Neil Young has honoured David Crosby, who has died aged 81.

Writing on his Archives website Young said, “David is gone, but his music lives on. The soul of CSNY, David’s voice and energy were at the heart of our band. His great songs stood for what we believed in and it was always fun and exciting when we got to play together. ‘Almost Cut My Hair’ ‘Dejavu’, and so many other great songs he wrote were wonderful to jam on and Stills and I had a blast as he kept us going on and on. His singing with Graham was so memorable, their duo spot a highlight of so many of our shows.

“We had so many great times, especially in the early years. Crosby was a very supportive friend in my early life, as we bit off big pieces of our experience together.
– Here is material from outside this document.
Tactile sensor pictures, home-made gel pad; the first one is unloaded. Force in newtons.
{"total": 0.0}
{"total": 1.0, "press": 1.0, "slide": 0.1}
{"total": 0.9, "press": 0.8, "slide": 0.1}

David was the catalyst of many things.

“My heart goes out to Jan and Django, his wife and son. Lots of love to you. Thanks David for your spirit and songs, Love you man. I remember the best times!”
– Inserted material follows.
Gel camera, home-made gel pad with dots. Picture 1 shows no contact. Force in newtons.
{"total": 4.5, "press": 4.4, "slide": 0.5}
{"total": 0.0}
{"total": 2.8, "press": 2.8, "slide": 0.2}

“I CAN’T CLAIM TO BE WISE…” READ UNCUT’S FINAL INTERVIEW WITH DAVID CROSBY HERE

Earlier, Crosby’s other former CSNY bandmates Graham Nash and Stephen Stills paid tribute to Crosby

David Crosby
David Crosby in 2011. Image: Spencer Platt / Getty Images

Sharing a black and white photo on Instagram of his and Crosby’s guitar cases next to one another, Nash wrote that it was with “a deep and profound sadness” that he learned about Crosby’s death.

“I know people tend to focus on how volatile our relationship has been at times, but what has always mattered to David and me more than anything was the pure joy of the music we created together, the sound we discovered with one another, and the deep friendship we shared over all these many long years,” he continued.
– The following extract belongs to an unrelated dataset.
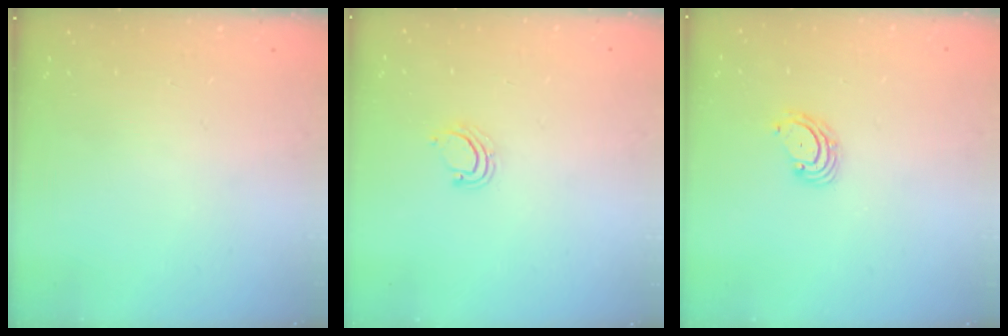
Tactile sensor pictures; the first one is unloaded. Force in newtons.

David was fearless in life and in music. He leaves behind a tremendous void as far as sheer personality and talent in this world. He spoke his mind, his heart, and his passion through his beautiful music and leaves an incredible legacy. These are the things that matter most. My heart is truly with his wife, Jan, his son, Django, and all of the people he has touched in this world.”

Graham Nash and David Crosby performing together in 2000
Graham Nash and David Crosby performing together in 2000. Image: Tim Mosenfelder / Getty Images

Meanwhile, Stills wrote, “He was without question a giant of a musician, and his harmonic sensibilities were nothing short of genius. The glue that held us together [in CSN and CSNY] as our vocals soared, like Icarus, towards the sun. I am deeply saddened at his passing and shall miss him beyond measure.”

Crosby co-founded The Byrds alongside Roger McGuinn, Gene Clark, Chris Hillman and Michael Clarke in 1964, after performing on the acoustic coffeehouse circuit and in other bands, including Les Baxter’s Balladeers.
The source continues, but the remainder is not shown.